Work instructions: Copy the lines below, please, starting with the one that contains "Text: એન્સિલરી" and ending with the last. Pictures stay out.

Record excerpts:
- - - - - - -

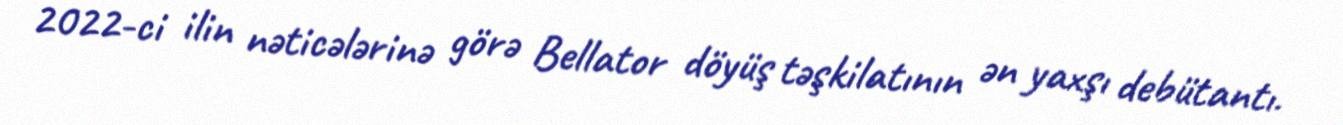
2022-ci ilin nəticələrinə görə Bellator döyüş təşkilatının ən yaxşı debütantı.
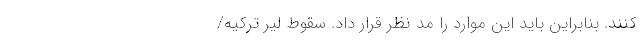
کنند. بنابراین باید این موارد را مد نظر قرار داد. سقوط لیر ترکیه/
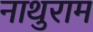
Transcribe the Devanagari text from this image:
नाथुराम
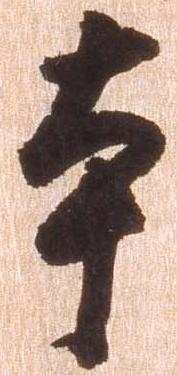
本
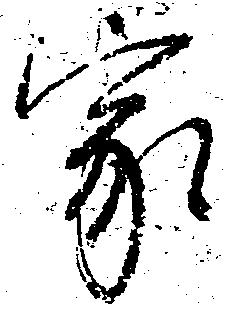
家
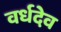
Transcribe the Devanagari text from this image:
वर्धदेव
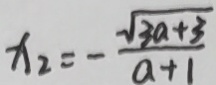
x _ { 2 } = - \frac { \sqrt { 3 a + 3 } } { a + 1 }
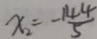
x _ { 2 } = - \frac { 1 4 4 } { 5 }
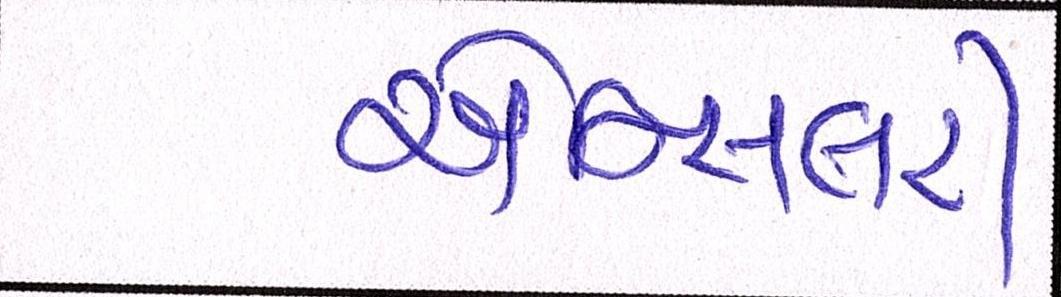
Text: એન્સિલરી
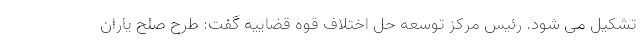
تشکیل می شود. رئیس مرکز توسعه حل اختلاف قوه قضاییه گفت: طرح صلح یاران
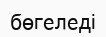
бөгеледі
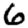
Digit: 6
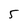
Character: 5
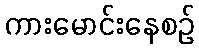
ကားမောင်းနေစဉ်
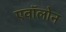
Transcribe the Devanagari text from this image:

- - - - - - -

Response to the task:
Text: એન્સિલરી
تشکیل می شود. رئیس مرکز توسعه حل اختلاف قوه قضاییه گفت: طرح صلح یاران
бөгеледі
Digit: 6
Character: 5
ကားမောင်းနေစဉ်
Transcribe the Devanagari text from this image:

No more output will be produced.